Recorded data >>
══════════

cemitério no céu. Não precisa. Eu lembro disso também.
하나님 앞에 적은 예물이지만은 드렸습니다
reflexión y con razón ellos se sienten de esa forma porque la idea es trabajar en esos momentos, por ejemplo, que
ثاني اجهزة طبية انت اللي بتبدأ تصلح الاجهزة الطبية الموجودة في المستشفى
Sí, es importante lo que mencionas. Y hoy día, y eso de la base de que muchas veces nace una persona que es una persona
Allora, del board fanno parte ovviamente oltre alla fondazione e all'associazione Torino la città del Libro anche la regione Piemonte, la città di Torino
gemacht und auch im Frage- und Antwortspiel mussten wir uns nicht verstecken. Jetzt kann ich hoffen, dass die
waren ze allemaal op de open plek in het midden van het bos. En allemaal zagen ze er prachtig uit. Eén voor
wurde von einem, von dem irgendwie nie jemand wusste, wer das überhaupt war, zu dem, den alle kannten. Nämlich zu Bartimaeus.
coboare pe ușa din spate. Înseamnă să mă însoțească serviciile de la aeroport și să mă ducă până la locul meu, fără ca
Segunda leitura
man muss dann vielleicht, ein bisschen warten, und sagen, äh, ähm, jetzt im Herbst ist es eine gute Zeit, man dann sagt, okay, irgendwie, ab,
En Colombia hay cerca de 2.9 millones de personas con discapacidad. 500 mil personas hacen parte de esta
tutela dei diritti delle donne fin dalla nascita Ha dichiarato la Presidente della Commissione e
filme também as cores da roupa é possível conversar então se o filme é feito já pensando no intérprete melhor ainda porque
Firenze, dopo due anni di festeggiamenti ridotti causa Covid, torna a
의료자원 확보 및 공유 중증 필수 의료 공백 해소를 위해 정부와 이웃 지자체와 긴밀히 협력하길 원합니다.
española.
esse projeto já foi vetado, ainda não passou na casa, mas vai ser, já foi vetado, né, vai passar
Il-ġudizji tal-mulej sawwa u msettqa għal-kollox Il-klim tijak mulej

══════════

WHAT IS EXPECTED >> What you return must be an exact retyping of the lines above starting at the line with "En Colombia hay" and ending at the line with "tutela dei diritti", and nothing besides.

COMPLETED TASK >>
En Colombia hay cerca de 2.9 millones de personas con discapacidad. 500 mil personas hacen parte de esta
tutela dei diritti delle donne fin dalla nascita Ha dichiarato la Presidente della Commissione e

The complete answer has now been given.